Elle avait décidé de jouer cartes sur table. Si elle voulait le reconquérir, elle devait être sincère avec lui avant tout. Il détestait quand elle lui mentait et le manipulait. Elle ne voulait pas risquer que tout lui explose à la figure cette fois. Si elle voulait regagner son amour, elle devait lui prouver qu'il pouvait avoir confiance en elle.
- L'occasion de quoi ? Je ne comprends pas. Lisa n'est pas de notre monde, alors pourquoi vouloir l'humilier ? Ce n'est pas comme si elle était une de tes sous-fifres, ou qu'elle puisse te faire de l'ombre. Alors pourquoi t'intéresser à elle ?
Le sang de Chuck bouillonnait dans tout son corps. Le parfum de Blair s'insinuait partout en lui. Elle le rendait dingue, dans tous les sens du terme et il faisait des efforts surhumains pour ne pas se jeter sur elle et l'embrasser comme un fou. L'attraction qu'elle exerçait sur lui était magnétique et inexplicable.
- Parce que Toi, tu t'intéresses à elle, dit-elle d'une voix tremblante.
Elle avait bien conscience qu'elle se mettait dans une position compromettante en s'exposant de cette manière, mais elle ne pouvait pas se mentir plus longtemps. Elle ne pouvait pas lui mentir encore, en prétendant vouloir être son amie. Elle voulait bien plus que ça. Elle voulait qu'il la prenne dans ses bras, qu'il lui dise que cette fille ne représentait rien pour lui, qu'elle était la seule qu'il aimait et qu'il aimerait jamais.
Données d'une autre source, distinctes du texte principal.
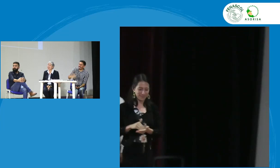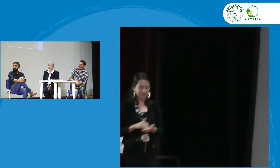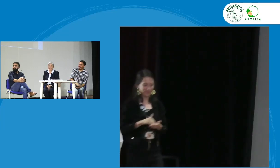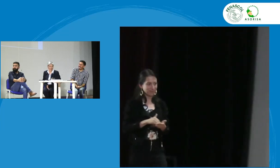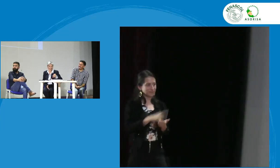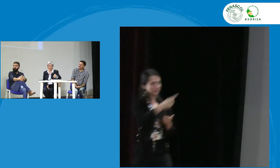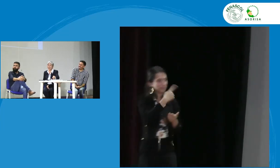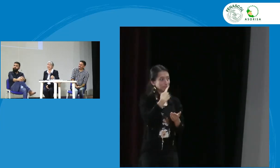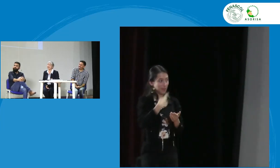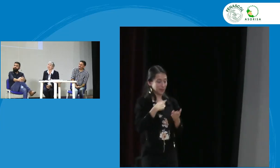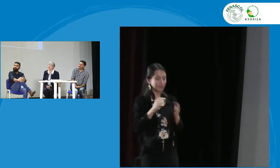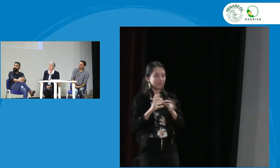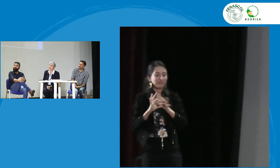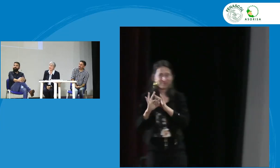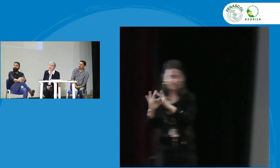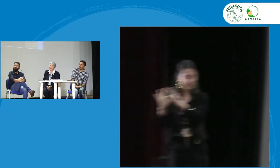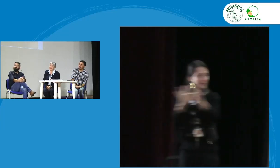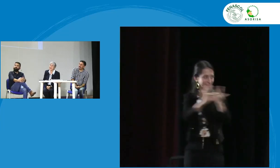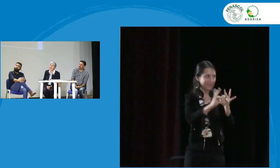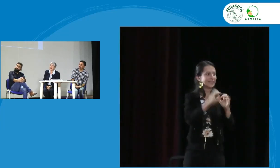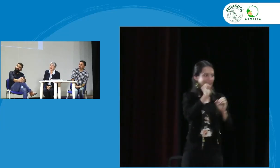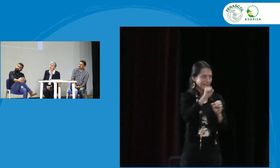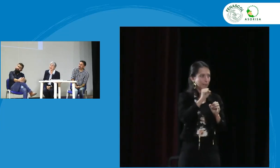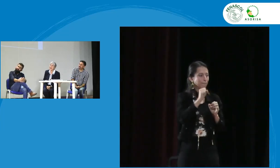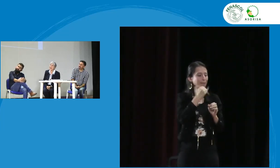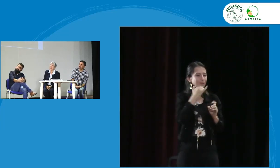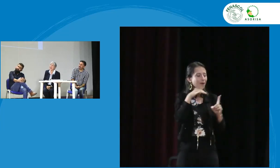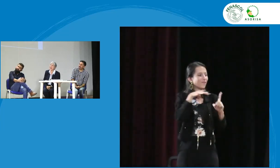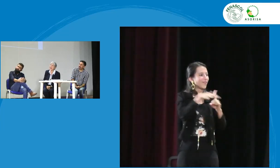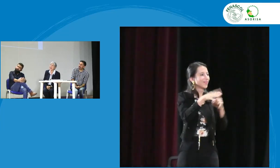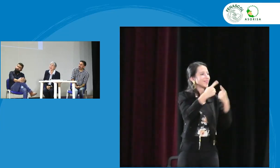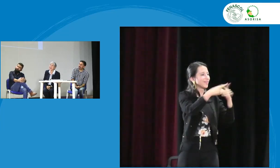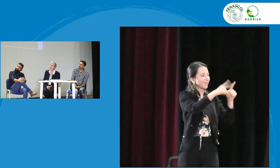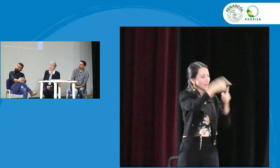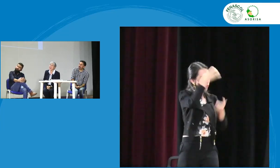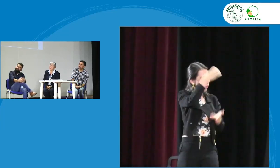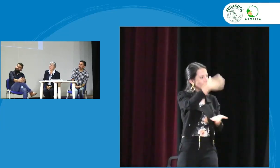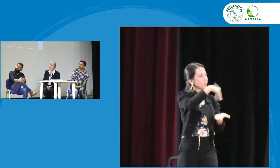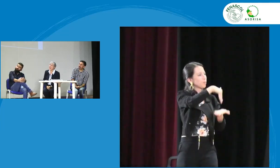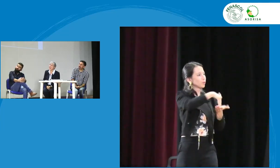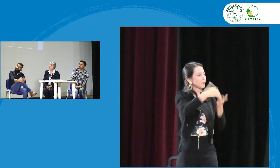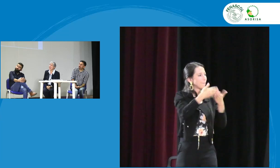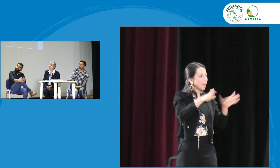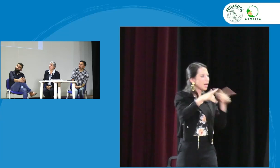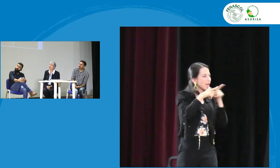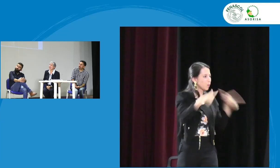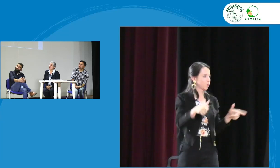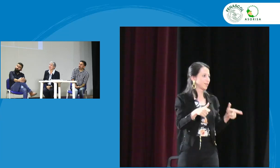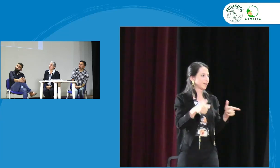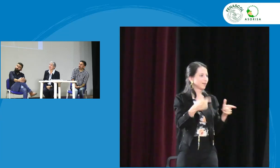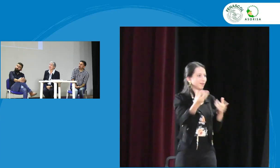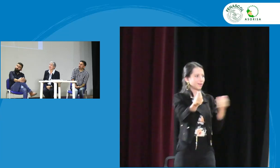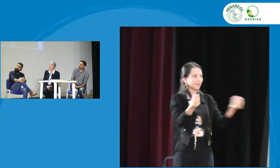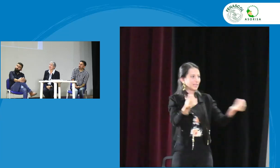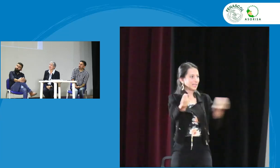excelente de nuevo estamos hablando de que todos somos responsables pero es importante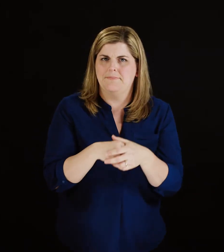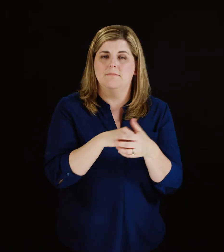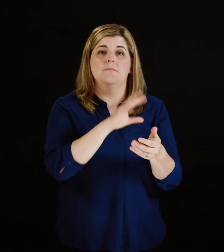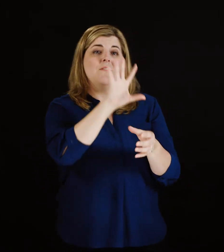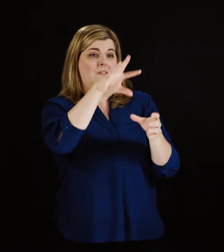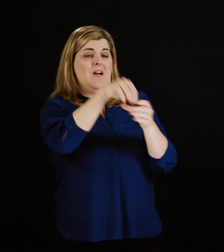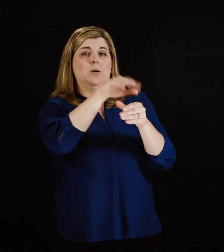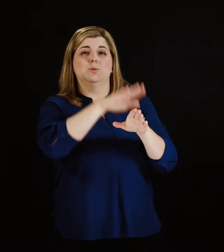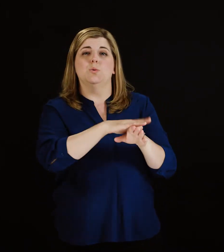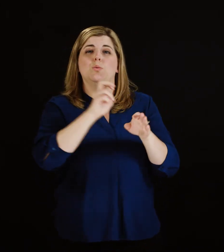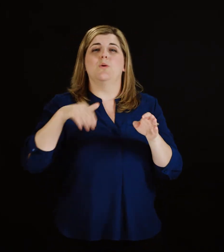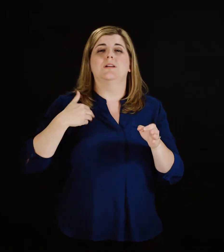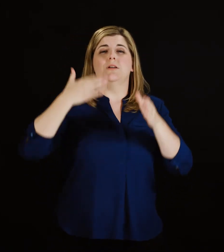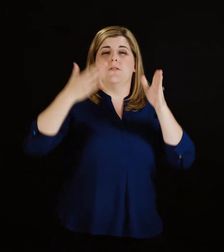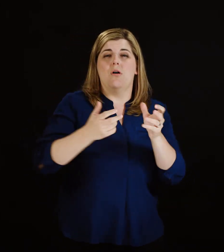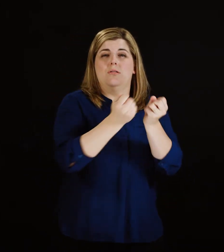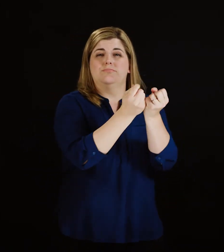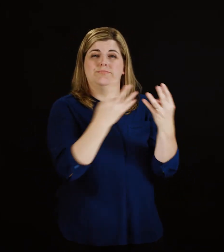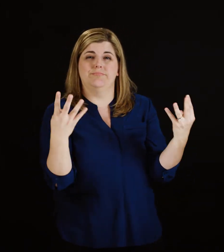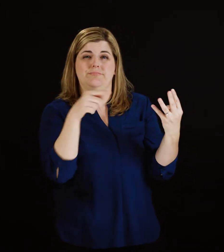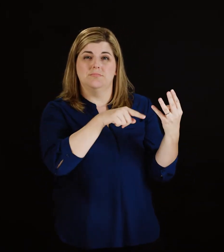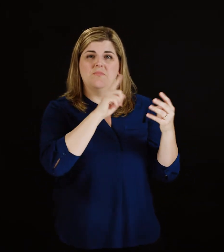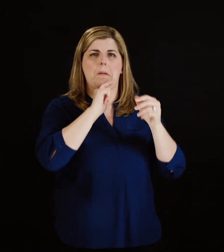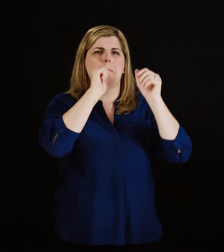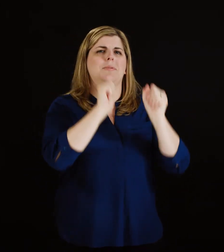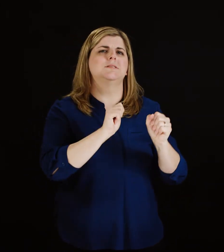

Elle croisa son regard et vit le feu qui le dévorait de l'intérieur. Elle ne l'avait pas perdu. Il lui appartenait toujours. Mais elle ne pouvait oublier ce qu'elle avait vu dans ses yeux quand il les posait sur cette fille. C'était un regard différent de celui qu'il posait sur elle-même, mais elle y avait reconnu quelque chose d'étrangement familier. Elle devait en avoir le cœur net, aussi horrible que puisse être la réponse.
- Est-ce que tu l'aimes ? l'interrogea-t-elle à mi-voix.
- Quoi ? questionna Chuck.
Son cœur battait à tout rompre et son sang cognait à ses tempes. Il était hypnotisé par son corps, ses yeux, sa bouche. Il devait s'éloigner d'elle pour pouvoir reprendre ses esprits. Il n'arrivait pas à assembler les pièces du puzzle. Il avait l'impression qu'il lui manquait des éléments. Il recula de quelques pas pour mettre de la distance entre eux, il devait absolument reprendre le contrôle de lui-même.
- Je vous ai vu, reprit-elle, la voix tremblante. Dans la salle de répétition, à Julliard. Et dans l'amphithéâtre, quand elle s'est jetée dans tes bras. Tu ne faisais pas semblant ! Je te connais Chuck … mieux que personne.
Il comprit tout à coup ce qui lui échappait. Ce n'était pas à lui, mais à elle, qu'il manquait des éléments. Elle prenait sa relation avec Lisa pour une liaison amoureuse. Un sourire se dessina sur son visage malgré lui.
- Tu es jalouse ! D'une pauvre fille qui ne vit même pas dans l'UES ! se moqua-t-il.
- Et ça te faire rire n'est-ce pas ? s'emporta-t-elle.
- Je dois avouer que je trouve ça plutôt plaisant et comique, oui. Mais pas dans le sens que tu crois. Je ne suis pas amoureux d'elle, ou d'une autre d'ailleurs. Tu es la seule que j'aimerai jamais de cette façon. Je croyais que tu le savais.
- Dans ce cas, pourquoi m'as-tu poussée dans les bras de Louis ?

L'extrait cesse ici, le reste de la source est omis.